The list of his films (and successes) for the next twenty years is impressive: just think of his partnership with Jean-Pierre Melville (from "Frank Costello" to "The Nameless"), the spectacular rivalry with Belmondo ("Borsalino"), the endless series of genre masterpieces directed by Jacques Deray, among which, in 1969, stands out his new artistic encounter with Romy Schneider (from whom he separated in life) in "The Swimming Pool". A versatile actor, with an athletic physique that he highlights in swashbuckling films such as "The Black Tulip" or "Zorro" by our own Duccio Tessari, a frenetic worker (more than 80 films as an actor, 30 as a producer, two as a director), Delon nevertheless maintains a secret passion for auteur cinema with memorable forays such as "The First Night of Quiet" by Valerio Zurlini (1972), "Mr. Klein" by Joseph Losey (1976), "Swann in Love" by Volker Schlondorff (1984), "Nouvelle Vague" by Jean-Luc Godard (1990).

Equally lush is his private life, with crazy loves (Nathalie Delon, Jill Fouquet, Romy Schneider, Nico, Dalida, Mireille Darc, Anne Parillaud, Rosalie Van Breemen), often neglected children (eight in the end, plus one never recognized), legal troubles in old age with his lover/carer Hiromi Rollin, recurring arguments between his children, dangerous passions (horses, boxing, gambling), risky friendships in the underworld and the mystery of the murder of his bodyguard, Stevan Markovich.

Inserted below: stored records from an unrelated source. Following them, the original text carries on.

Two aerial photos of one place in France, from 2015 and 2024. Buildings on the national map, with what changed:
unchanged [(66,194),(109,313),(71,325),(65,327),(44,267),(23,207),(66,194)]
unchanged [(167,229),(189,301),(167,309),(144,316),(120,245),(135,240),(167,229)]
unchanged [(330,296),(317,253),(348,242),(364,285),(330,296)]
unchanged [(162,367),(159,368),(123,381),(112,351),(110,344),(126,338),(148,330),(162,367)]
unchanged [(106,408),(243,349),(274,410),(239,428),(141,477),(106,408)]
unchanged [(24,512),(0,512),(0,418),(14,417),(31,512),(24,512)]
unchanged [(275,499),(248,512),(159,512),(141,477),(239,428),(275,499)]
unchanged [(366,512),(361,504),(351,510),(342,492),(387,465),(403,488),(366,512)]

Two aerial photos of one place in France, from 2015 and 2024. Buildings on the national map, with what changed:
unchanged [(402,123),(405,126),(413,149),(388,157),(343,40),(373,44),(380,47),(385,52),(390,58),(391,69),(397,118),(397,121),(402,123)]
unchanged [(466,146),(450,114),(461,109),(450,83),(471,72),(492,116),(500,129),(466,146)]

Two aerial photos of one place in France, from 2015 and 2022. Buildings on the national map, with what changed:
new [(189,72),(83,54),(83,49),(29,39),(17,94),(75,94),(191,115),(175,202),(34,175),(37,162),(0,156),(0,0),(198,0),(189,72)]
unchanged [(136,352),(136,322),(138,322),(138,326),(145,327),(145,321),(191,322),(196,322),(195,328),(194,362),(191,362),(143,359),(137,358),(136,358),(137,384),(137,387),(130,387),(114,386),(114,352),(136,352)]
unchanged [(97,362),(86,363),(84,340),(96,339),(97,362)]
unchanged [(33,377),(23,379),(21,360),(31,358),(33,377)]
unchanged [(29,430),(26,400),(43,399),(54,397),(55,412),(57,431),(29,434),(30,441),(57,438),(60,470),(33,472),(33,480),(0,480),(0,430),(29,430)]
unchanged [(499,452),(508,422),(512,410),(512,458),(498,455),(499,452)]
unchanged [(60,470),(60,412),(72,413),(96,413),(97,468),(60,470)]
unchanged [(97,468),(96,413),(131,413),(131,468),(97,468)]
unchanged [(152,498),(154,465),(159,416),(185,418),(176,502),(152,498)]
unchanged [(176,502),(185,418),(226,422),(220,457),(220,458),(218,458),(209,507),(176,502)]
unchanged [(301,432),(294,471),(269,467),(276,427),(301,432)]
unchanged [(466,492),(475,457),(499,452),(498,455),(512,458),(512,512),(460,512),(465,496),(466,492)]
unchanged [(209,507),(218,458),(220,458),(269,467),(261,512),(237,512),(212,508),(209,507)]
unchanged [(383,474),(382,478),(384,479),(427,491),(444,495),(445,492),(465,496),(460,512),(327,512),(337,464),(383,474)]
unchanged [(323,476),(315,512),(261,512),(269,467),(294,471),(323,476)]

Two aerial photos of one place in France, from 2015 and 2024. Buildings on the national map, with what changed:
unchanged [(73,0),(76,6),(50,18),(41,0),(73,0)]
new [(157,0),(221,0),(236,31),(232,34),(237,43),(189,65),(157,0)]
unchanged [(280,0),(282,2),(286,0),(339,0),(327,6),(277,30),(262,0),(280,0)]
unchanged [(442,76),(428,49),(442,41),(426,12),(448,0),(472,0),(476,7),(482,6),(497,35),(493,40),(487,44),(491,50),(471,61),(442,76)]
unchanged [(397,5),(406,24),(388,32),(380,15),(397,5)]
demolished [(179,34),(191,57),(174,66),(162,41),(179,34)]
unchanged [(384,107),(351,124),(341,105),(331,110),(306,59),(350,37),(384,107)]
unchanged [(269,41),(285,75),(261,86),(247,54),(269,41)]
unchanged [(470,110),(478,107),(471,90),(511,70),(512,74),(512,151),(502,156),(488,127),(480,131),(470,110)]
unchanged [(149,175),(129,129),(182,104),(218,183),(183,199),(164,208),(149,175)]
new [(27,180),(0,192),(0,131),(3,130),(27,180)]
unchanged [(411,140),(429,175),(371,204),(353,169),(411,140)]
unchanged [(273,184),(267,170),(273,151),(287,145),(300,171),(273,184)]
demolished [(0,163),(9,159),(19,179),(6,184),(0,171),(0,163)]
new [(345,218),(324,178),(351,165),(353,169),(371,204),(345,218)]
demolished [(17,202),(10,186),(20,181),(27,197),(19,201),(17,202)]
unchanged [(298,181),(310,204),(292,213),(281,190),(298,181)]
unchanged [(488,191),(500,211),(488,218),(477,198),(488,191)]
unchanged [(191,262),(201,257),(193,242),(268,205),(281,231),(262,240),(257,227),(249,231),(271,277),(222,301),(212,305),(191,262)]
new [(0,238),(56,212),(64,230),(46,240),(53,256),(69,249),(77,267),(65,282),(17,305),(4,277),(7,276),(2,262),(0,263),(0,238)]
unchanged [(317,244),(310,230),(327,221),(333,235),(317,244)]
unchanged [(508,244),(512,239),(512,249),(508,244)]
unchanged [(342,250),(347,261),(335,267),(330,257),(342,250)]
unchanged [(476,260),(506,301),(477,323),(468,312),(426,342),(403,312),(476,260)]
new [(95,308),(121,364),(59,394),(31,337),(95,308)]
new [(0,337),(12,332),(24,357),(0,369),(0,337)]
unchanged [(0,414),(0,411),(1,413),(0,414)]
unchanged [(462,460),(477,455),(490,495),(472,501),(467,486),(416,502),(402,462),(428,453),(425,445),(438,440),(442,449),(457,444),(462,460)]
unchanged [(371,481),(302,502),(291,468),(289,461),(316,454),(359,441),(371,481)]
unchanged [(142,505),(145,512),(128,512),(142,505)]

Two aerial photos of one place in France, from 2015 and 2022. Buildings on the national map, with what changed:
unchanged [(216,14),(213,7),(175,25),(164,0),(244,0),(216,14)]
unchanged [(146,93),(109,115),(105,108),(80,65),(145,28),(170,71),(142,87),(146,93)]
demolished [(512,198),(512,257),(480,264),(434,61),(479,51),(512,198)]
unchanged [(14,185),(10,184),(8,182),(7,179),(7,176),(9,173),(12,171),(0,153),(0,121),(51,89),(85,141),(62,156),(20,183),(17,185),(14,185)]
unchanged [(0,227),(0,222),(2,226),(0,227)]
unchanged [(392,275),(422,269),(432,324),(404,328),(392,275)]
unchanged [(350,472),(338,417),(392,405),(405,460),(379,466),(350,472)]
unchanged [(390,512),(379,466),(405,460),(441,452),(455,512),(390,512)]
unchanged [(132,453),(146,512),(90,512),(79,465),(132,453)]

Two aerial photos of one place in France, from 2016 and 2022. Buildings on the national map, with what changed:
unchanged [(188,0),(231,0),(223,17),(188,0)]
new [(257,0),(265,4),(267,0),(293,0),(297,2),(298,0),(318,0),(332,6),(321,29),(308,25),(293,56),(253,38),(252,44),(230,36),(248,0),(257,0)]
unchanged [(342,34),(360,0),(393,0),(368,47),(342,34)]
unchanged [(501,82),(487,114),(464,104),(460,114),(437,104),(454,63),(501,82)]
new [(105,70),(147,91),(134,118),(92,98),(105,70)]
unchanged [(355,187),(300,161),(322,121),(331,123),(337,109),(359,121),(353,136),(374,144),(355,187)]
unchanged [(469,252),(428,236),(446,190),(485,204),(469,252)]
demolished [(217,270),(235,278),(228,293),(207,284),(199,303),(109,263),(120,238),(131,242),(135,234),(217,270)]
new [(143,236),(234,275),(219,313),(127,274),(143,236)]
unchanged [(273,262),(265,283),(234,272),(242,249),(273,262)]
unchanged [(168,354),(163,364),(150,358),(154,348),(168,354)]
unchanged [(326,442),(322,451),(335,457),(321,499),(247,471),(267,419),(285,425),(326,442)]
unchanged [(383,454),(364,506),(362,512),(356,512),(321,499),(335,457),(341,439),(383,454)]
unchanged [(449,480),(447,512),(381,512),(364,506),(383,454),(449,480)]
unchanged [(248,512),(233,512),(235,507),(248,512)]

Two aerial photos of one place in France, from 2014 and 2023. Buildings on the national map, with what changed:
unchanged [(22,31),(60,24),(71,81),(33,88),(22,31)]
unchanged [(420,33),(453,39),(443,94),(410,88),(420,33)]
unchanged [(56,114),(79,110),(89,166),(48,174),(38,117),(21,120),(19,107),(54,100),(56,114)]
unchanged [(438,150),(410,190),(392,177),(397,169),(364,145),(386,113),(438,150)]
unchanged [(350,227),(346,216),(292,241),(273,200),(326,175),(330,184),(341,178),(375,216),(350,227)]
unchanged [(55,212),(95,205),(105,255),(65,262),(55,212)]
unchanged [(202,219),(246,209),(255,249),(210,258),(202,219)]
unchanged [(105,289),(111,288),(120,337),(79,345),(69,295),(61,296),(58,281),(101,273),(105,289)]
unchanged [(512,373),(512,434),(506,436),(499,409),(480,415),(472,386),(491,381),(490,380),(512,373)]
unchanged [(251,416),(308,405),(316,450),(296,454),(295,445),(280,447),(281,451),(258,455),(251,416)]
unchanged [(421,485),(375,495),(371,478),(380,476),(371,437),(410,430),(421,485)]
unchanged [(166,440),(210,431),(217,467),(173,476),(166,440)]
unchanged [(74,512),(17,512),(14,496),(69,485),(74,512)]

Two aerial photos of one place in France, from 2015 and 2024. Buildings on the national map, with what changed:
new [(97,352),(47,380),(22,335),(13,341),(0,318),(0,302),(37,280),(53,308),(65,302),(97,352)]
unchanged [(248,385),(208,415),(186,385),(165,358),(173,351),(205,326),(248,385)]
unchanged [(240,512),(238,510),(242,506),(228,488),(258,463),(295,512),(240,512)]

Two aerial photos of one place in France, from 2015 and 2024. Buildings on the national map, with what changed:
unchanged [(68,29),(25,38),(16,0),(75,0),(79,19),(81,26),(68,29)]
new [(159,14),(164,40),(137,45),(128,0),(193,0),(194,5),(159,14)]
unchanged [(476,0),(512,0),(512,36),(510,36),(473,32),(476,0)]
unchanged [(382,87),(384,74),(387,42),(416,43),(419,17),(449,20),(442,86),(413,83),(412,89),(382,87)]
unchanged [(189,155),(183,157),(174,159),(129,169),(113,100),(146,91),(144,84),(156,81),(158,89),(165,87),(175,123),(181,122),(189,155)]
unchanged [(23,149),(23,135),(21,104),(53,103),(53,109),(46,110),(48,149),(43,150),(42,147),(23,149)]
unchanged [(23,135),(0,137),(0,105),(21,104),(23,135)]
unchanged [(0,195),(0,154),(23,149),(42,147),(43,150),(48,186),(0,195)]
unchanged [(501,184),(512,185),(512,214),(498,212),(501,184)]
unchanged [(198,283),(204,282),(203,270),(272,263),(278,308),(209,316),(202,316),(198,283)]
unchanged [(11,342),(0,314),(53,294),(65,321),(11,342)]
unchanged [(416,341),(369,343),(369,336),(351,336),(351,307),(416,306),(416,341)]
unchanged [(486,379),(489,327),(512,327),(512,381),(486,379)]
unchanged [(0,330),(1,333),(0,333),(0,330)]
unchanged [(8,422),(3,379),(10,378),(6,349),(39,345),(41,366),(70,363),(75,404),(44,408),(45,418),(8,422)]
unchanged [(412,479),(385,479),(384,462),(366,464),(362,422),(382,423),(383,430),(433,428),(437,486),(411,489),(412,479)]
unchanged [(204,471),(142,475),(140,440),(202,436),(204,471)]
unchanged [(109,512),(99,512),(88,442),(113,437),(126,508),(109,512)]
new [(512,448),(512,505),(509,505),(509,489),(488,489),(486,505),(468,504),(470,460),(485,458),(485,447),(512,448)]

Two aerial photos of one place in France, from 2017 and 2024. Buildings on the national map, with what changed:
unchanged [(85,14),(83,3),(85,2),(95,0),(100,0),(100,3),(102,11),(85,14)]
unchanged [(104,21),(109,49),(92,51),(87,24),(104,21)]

In politics he has always declared himself a conservative, he venerated General De Gaulle, he was a friend of Jean-Marie Le Pen, he received the Legion of Honor from Jacques Chirac, but among his great friends he has always counted men of the left from Luchino Visconti to Jack Lang, from Bernard Henri-Levy to Joseph Losey. The last time at the cinema, with a self-deprecating flash, he was a mocking Julius Caesar in "Asterix at the Olympic Games". But shortly after, as the testimonial for a fur brand in 2013, he already had the melancholy of old age on his face: "I have often thought about suicide and I can see the scene clearly - he said -; doing it is child's play. The difficult thing is to think so as not to take action".